-- DATA PROVIDED follows --

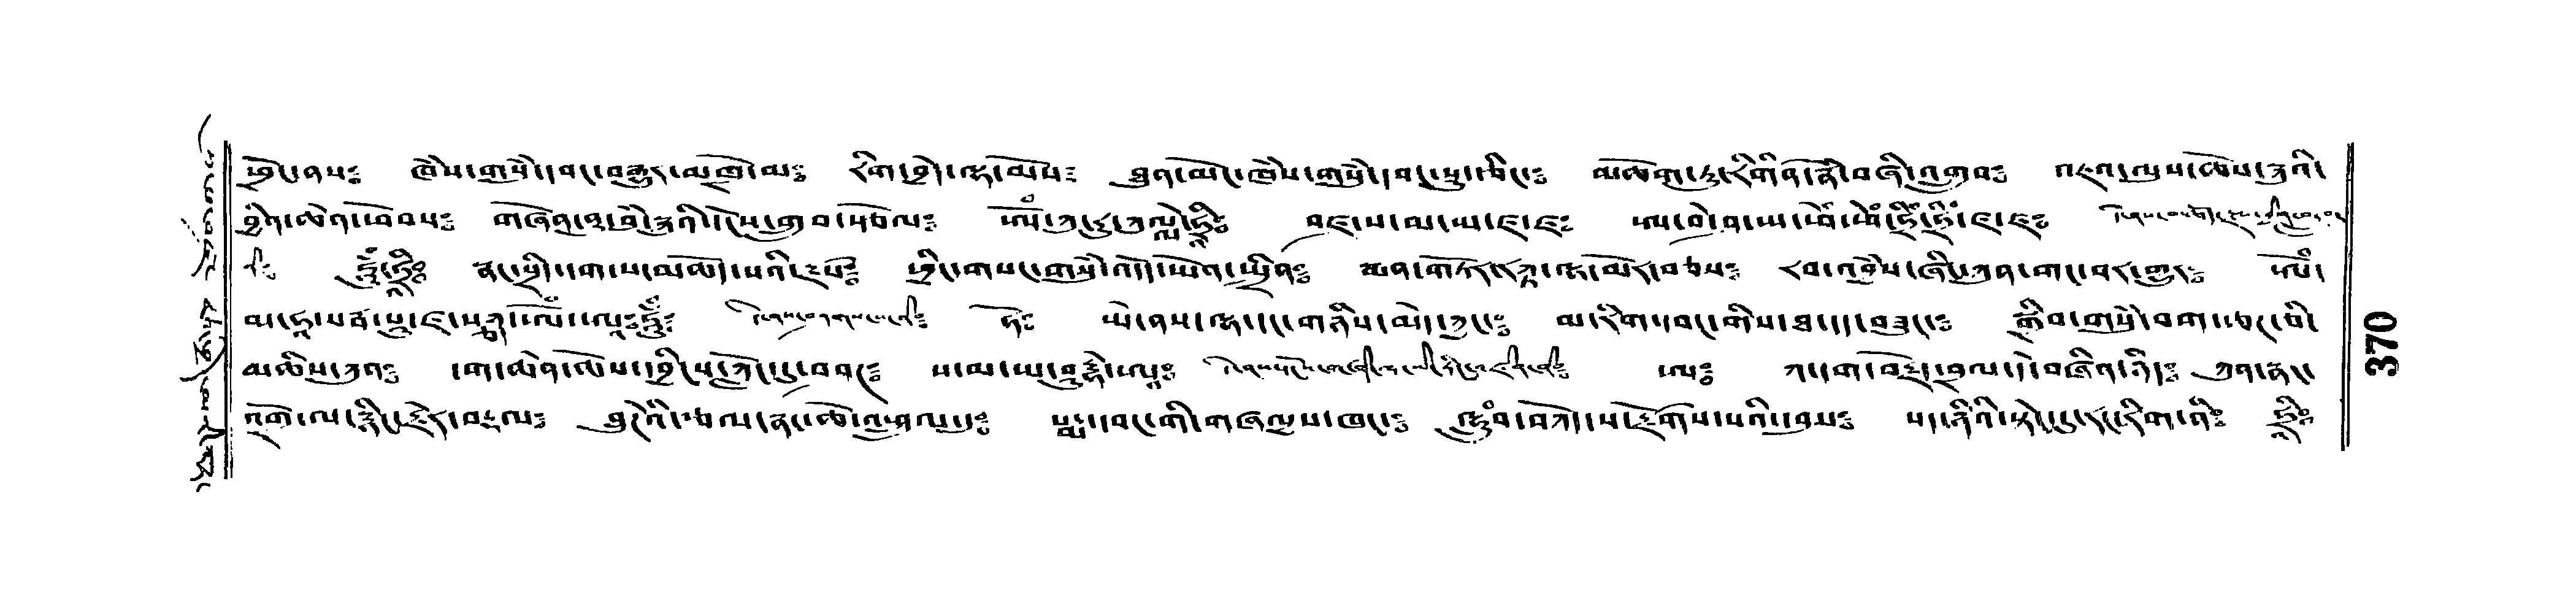ཕོ་བྲང་ནས༔ ཁམས་གསུམ་དབང་བསྒྱུར་མཁའ་འགྲོ་མ༔ རིག་བྱེད་ལྷ་མོས༴ ཐུན་མོང་ཁམས་གསུམ་དབང་སྡུད་ཅིང༔མཆོག་ཏུ་རིག་འཛིན་རྣམ་བཞི་འགྲུབ༔ འཇའ་ལུས་ཆོས་སྐུའི་
བྱིན་ཆེན་ཕོབས༔ གཞོན་ནུ་བུམ་སྐུའི་དངོས་གྲུབ་སྩོལ༔ ཨོཾ་ཀུ་རུ་ཀུལླེ་ཧྲཱིཿ བཛྲ་ས་མ་ཡ་ཛ་ཛཿ ཨ་བེ་ཤ་ཡ་ཕེཾ་ཕེཾ་ཧྲིཾ་ཧྲིཾ་ཛ་ཛཿ དེ་ནས་མཆོད་རྫས་བྱིན་བརླབ་
ནི༔ ཧཱུྃ་ཧྲཱིཿ སྣང་སྲིད་དག་པ་མཆོད་པའི་རྫས༔ ཕྱི་ནང་གསང་གསུམ་འདོད་ཡོན་སྤྲིན༔ སྨན་གཏོར་རཀྟ་ལྷ་མོར་བཅས༔ རབ་འབྱམས་ཞིང་ཀུན་གང་བར་གྱུར༔ ཨོཾ་
མ་ཧཱ་སརྦ་པཱུ་ཛ་པཉྩ་ཨོཾ་ཨཱཿཧཱུྃ༔ དེ་ནས་བཤགས་པ་ནི༔ ཧོཿ ཡེ་ནས་ལྷ་དང་གཉིས་མེད་ཀྱང༔ མ་རིག་དབང་གིས་ཐ་དད་བཟུང༔ སྒྲིབ་གསུམ་བག་ཆགས་ཅི་
མཆིས་ཀུན༔ དག་ཆེན་ཆོས་དབྱིངས་ཀློང་དུ་བཤགས༔ ས་མ་ཡ་ཤུདྡྷེ་ཨཱཿ དེ་ནས་དངོས་གཞི་ལྷ་ཡི་ཏིང་འཛིན་ནི༔ ཨཱཿ ཀ་དག་བརྗོད་བྲལ་དེ་བཞིན་ཉིད༔ ཀུན་སྣང་
འགྲོ་ལ་སྙིང་རྗེར་བརྡལ༔ ཐུགས་རྗེའི་རྩལ་སྣང་ཆོ་འཕྲུལ་དུ༔ པདྨ་དབང་གི་གཞལ་ཡས་ཁང༔ ལྷུན་གྲུབ་བཀོད་པ་རྫོགས་པའི་དབུས༔ པད་ཉིའི་སྟེང་དུ་རང་རིག་ནི༔ ཧྲཱིཿ

-- DATA PROVIDED concluded --

* [PROBLEM REQUIREMENTS]: Your answer must be the line that contains "མཆིས་ཀུན༔ དག་ཆེན་ཆོས་དབྱིངས་ཀློང་དུ་བཤགས༔ ས་མ་ཡ་ཤུདྡྷེ་ཨཱཿ" and every line after it to the end of the records, reproduced exactly.

* [SOLUTION BELOW]:
མཆིས་ཀུན༔ དག་ཆེན་ཆོས་དབྱིངས་ཀློང་དུ་བཤགས༔ ས་མ་ཡ་ཤུདྡྷེ་ཨཱཿ དེ་ནས་དངོས་གཞི་ལྷ་ཡི་ཏིང་འཛིན་ནི༔ ཨཱཿ ཀ་དག་བརྗོད་བྲལ་དེ་བཞིན་ཉིད༔ ཀུན་སྣང་
འགྲོ་ལ་སྙིང་རྗེར་བརྡལ༔ ཐུགས་རྗེའི་རྩལ་སྣང་ཆོ་འཕྲུལ་དུ༔ པདྨ་དབང་གི་གཞལ་ཡས་ཁང༔ ལྷུན་གྲུབ་བཀོད་པ་རྫོགས་པའི་དབུས༔ པད་ཉིའི་སྟེང་དུ་རང་རིག་ནི༔ ཧྲཱིཿ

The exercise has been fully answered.